**What you should do**
Some lines in the records below may hold the word "typesetting"; give the number of those lines and nothing else.

[Collected data entries]
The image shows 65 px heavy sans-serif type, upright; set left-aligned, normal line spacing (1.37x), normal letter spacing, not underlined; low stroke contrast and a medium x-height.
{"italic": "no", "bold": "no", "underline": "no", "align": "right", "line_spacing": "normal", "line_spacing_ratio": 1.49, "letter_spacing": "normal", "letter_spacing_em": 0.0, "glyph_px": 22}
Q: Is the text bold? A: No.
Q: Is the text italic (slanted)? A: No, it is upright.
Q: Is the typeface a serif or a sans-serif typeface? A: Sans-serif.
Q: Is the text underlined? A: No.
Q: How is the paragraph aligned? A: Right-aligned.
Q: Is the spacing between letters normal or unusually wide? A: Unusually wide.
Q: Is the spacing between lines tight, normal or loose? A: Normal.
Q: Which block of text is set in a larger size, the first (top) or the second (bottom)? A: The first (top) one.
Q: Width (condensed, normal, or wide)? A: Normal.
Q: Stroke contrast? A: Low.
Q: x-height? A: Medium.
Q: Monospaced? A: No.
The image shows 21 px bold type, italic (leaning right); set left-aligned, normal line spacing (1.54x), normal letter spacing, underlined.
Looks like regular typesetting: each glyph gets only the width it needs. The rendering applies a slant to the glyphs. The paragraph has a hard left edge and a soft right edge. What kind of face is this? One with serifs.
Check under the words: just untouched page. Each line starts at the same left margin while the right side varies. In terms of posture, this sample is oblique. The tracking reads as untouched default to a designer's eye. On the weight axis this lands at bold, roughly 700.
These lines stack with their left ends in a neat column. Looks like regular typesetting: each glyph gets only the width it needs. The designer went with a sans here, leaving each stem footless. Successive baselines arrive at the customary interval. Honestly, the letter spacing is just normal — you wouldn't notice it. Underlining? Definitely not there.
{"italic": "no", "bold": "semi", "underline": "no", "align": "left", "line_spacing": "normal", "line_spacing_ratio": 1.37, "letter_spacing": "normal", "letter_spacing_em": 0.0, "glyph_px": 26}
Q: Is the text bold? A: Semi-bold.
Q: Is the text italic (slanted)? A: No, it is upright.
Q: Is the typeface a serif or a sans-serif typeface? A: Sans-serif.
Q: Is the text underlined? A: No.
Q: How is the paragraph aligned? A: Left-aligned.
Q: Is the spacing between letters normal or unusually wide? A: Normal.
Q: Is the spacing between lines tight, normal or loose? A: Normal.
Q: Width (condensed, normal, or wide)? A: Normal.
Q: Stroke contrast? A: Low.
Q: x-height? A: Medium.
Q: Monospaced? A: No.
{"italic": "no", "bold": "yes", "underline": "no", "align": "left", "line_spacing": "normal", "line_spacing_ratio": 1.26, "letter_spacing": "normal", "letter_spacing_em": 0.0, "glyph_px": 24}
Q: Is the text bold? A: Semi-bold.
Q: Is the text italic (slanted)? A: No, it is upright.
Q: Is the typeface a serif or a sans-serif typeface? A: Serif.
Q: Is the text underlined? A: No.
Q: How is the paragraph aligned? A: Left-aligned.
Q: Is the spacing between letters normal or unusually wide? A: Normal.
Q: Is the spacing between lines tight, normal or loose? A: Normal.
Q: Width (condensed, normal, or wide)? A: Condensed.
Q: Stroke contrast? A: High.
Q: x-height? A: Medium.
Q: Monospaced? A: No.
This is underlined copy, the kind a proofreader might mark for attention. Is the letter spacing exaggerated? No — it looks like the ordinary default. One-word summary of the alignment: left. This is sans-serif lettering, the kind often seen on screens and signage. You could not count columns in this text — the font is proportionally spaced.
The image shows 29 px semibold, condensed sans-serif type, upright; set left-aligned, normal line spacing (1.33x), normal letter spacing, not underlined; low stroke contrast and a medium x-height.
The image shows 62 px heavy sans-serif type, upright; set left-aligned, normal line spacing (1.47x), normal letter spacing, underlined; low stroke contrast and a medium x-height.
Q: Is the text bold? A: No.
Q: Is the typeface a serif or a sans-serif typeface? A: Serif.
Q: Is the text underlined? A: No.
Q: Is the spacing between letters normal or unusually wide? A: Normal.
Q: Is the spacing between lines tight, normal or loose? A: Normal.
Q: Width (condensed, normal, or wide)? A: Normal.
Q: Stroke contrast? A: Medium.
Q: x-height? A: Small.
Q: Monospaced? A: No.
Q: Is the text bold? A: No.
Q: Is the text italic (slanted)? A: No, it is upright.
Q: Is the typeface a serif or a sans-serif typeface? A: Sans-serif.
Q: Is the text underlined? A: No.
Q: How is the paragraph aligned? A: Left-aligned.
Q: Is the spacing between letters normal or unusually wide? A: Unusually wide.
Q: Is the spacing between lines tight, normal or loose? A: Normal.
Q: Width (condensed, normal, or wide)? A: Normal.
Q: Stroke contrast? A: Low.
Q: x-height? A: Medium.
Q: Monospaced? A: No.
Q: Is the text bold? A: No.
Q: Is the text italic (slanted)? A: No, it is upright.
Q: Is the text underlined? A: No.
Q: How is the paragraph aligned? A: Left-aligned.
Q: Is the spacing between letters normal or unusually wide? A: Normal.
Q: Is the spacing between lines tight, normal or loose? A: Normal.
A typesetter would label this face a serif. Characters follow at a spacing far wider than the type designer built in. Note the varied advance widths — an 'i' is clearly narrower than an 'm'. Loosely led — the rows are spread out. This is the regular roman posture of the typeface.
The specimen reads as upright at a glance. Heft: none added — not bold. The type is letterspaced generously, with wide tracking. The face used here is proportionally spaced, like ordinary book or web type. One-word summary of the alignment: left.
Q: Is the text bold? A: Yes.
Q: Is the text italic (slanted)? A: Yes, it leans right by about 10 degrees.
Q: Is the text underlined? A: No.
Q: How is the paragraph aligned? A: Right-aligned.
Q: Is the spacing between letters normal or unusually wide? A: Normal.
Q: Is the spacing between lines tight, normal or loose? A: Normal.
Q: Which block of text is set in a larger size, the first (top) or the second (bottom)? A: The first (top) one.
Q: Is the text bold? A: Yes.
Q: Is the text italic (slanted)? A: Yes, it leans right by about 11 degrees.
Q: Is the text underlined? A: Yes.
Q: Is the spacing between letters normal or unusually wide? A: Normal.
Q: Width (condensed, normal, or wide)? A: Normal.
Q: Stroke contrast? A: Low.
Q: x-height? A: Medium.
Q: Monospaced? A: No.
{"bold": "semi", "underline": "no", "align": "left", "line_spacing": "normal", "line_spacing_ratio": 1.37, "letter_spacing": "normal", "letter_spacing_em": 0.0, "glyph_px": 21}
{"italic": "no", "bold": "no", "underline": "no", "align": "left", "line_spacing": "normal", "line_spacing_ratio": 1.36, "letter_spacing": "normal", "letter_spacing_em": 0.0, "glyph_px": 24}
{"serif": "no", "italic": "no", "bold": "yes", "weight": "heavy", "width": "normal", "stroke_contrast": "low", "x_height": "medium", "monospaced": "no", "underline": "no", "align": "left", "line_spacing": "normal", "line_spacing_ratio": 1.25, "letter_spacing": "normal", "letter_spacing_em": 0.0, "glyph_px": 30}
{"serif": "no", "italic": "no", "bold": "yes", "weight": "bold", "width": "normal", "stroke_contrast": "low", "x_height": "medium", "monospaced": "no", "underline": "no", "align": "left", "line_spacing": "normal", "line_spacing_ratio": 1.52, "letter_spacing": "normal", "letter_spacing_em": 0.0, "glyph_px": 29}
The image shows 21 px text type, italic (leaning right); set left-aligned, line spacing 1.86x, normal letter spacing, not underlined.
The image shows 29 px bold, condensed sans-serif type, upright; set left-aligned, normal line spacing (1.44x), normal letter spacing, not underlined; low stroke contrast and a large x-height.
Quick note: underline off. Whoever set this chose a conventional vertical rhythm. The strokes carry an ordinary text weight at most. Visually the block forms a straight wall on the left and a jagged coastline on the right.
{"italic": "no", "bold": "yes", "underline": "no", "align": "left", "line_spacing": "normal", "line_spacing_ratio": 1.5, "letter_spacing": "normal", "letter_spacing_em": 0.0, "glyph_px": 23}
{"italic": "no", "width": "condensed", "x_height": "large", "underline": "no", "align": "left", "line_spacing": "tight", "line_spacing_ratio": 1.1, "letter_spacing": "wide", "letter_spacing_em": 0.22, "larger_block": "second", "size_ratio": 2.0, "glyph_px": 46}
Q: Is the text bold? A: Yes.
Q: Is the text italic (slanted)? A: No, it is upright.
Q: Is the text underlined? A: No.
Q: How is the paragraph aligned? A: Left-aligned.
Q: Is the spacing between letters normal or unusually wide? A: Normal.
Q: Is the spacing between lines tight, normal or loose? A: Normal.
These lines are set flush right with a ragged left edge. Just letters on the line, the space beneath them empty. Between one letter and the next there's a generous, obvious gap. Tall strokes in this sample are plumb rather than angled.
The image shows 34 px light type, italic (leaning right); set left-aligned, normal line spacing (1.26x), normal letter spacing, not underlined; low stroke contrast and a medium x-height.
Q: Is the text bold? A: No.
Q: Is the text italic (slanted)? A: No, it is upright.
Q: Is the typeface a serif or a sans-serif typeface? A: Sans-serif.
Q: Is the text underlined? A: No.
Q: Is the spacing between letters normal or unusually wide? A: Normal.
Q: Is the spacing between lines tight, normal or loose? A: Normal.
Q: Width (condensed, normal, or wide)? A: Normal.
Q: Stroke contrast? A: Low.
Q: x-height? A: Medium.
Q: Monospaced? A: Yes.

**Answer for the task**
2